5. Start up R again as a normal user, load the RODBC package, then connect to the your_dbname database (which we've given the DNS "mydb1"). Give command to fetch the some_table table, just as an example. Note "your_password" is whatever authentication password is associated with the PostgreSQL user "your_username"; this is a PostgreSQL setting, not an R setting. Also note the argument case="postgresql" addresses lower/uppercase compatibility issues. Finally, the believeNRows=FALSE argument seems to be critical for PostgreSQL connections -- without it, select/fetch statements don't return any rows of data!
`<code rsplus>`
 > library(RODBC)
 > chan <- odbcConnect("mydb1", case="postgresql", believeNRows=FALSE)
 > sqlTables(chan)  #List all tables in the DB
 > mydata <- sqlFetch(chan, "some_table") #Return a table as a dataframe
 > odbcClose(chan)`</code>`

NOTE: Instead of putting the your_username and your_password into the .odbc.ini file, we could have left it out, and then included the username and password directly in the connection call from R:
`<code rsplus>`
 > chan `<- odbcConnect("mydb1", "your_username", "your_password", case="postgresql")</code>`


####  Using Rdbi (with RdbiPgSQL) to connect to a PostgreSQL database in Ubuntu
Depending on your setup, this package might self-configure and run beautifully, or it might require considerable intervention to track down and configure paths, linker options, and the like. It has worked well for us on typical installations of Ubuntu 6.06 LTS (Dapper) and 7.10 (Gutsy).
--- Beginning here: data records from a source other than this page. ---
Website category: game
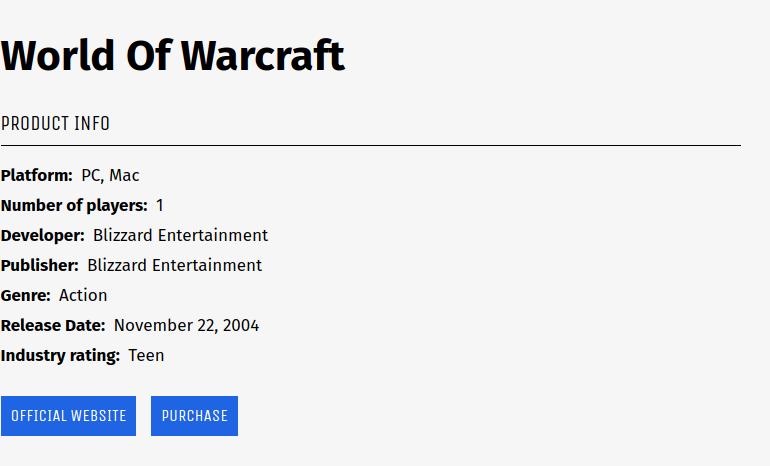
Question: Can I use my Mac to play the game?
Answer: yes

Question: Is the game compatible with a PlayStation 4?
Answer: no

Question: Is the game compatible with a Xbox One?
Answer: no

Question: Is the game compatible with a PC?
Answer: yes

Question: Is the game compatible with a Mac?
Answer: yes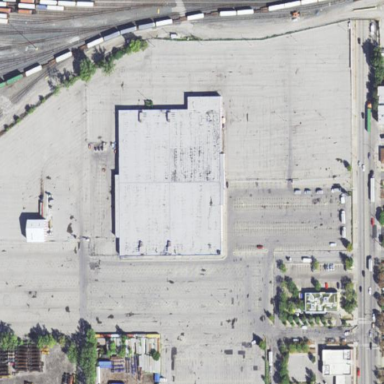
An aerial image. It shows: Commercial building that serves as marketplace.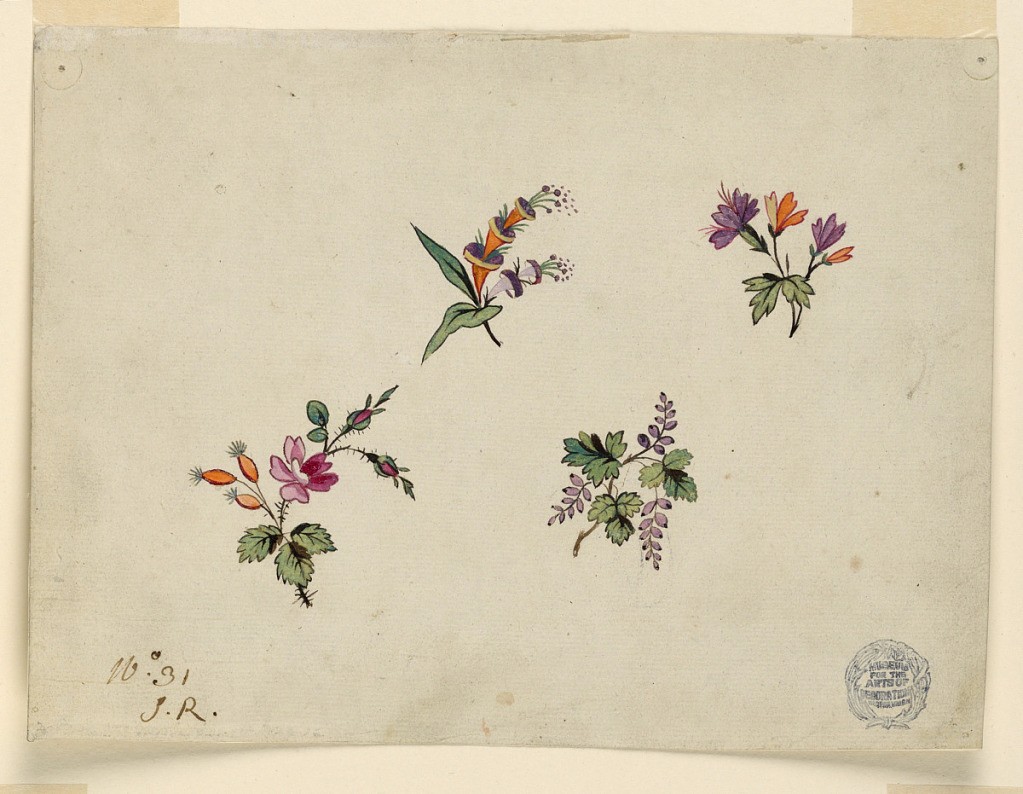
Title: Design for the Embroidery of Wearing Apparel, No. 31, of the "Fabrique de St. Ruf"
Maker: Fabrique de Saint Ruf, Lyon, France
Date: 1785–1795
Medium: Graphite, brush and gouache on paper
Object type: Drawing
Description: Four flower boughs are shown disposed in two staggered horizontal rows.
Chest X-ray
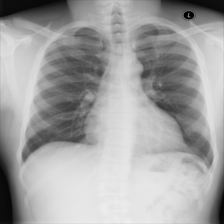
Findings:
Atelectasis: negative
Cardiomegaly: negative
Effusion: negative
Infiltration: negative
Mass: negative
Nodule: negative
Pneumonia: negative
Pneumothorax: negative
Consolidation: negative
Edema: negative
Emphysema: negative
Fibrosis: negative
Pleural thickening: negative
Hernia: negative

If you are using Ubuntu and have installed PostgreSQL from the binary .deb package (e.g. via Synaptic or Aptitude), give this a shot:

1. Install the Rdbi and RdbiPgSQL packages in R. Note that these packages are in the Bioconductor repository, not CRAN.
`<code rsplus>`
 $ sudo R
 > install.packages(c("Rdbi", "RdbiPgSQL"), repos="http://www.bioconductor.org")
 > q()`</code>`

2. Start R as a normal user, load RdbiPgSQL (this also loads Rdbi as a dependency), connect to database, then test the connection by listing tables in the database:
`<code rsplus>`
 > library(RdbiPgSQL)
 > conn <- dbConnect(PgSQL(), dbname="your_dbname")
 > dbListTables(conn) #List all tables in the DB
 > mydf <- dbReadTable(conn, "some_table") #Return a table as a dataframe
 > dbDisconnect(conn)`</code>`

Note: The RdbiPgSQL package provides a much faster connection than does RODBC, and is thus advantageous in that sense. In a recent test, a ~5000x100 table of primarily character data took ~4 seconds to load with RdbiPgSQL, but ~13 seconds with RODBC. However, RODBC is widely used, and the RdbiPgSQL interface is only implemented in Linux (as far as I know). Thus, if cross-platform compatibility of your R scripts is important, go with the RODBC approach (bearing in mind that it may require monkeying around with ODBC configurations!).


####  Using DBI to connect to a PostgreSQL database in Ubuntu Dapper
Actually, as of Sept 2006 there is no PostgreSQL connection available for DBI! However, this may change in the future?